Okay, how's this for a more minimal example: https://github.com/cboettig/BroodParasiteDescription
I've tried to make the bare minimum number of changes to https://github.com/duffymeg/BroodParasiteDescription (see https://dynamicecology.wordpress.com/2015/05/28/my-first-experience-with-github-for-sharing-data-and-code/comment-page-1/, I think this is a simple and realistic example) to make it an R package format.
Let me know if anyone has feedback on these changes; if it looks like what we're going for, or either needs more (or fewer?) modifications to be realistic & useful. If we think this is good then maybe it's worth making a PR to Meg with these changes, so that we can link her original repo.
@cboettig This example is very useful but it doesn't have the directories R
, manuscript
, and vignettes
. It would be good it everything that is covered by the proposal was part of the "minimal" example.
@tmalsburg thanks. I'm not sure that those things should be included in the definition of "minimal" -- that project didn't need any user-defined functions, so no R
directory. We already have the examples that @benmarwick mentioned which include all of those directories.
Perhaps something more intermediate would still be nice as well (e.g. has R/
, maybe manuscript
to show a .Rmd example (with pandoc->word as the output format?!) but not all the extra stuff like Docker and travis that are in the other two examples Ben mentioned.
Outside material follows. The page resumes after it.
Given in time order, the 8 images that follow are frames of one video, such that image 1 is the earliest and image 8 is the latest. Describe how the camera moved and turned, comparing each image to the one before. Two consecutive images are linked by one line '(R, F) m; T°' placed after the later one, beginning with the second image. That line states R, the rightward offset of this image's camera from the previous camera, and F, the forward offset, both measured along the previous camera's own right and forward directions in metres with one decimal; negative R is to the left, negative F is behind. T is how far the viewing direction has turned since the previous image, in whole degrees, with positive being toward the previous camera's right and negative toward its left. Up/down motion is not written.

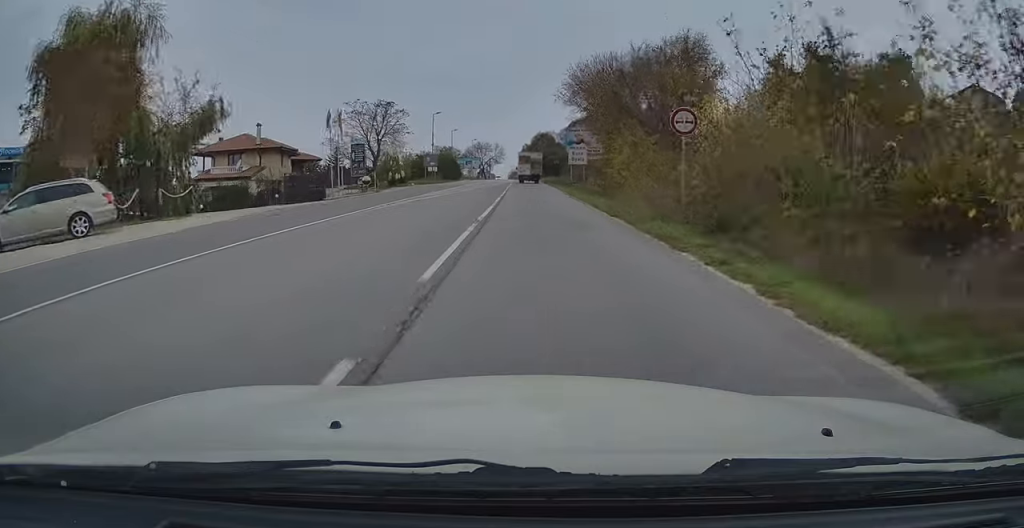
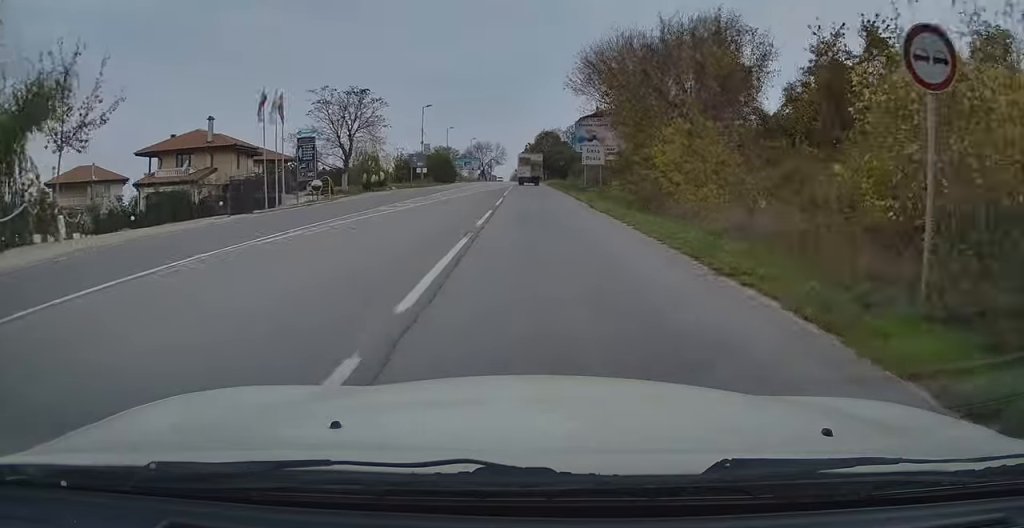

That's very interesting, your rearrangement of BroodParasiteDescriptionmost is the most minimal R package I've ever seen! And I can install it just fine, though building it give a few notes and warnings, but that's fine. If you make a PR to the original authors, I'll make a PR to this readme to add some more detail according to the discussion on this thread, and link to some examples (I'll link to your repo for now, and update it if your PR is accepted)
Thanks @cboettig I think that's a very useful contribution. An example that shows just how thin the "R package layer" can be is very valuable!
@jennybc per your request!
Another example: Modeling Lake Trophic State. I'm happy to add and submit PR, but wasn't exactly sure where to add. This example is kind of in between the intermediate and complex example. It also is pretty real-world as the nice clean initial set up got a bit messy with most code in functions, but a lot also embedded in the Rmd.
@jhollist I think that would be a great example of an intermediate example, please do add a mention of it with a PR!
@jhollist's example added to README in f83ca4acffc72ddfbcb76bc55d8e88725ec2529f
Good idea, we could add these, do you know of others?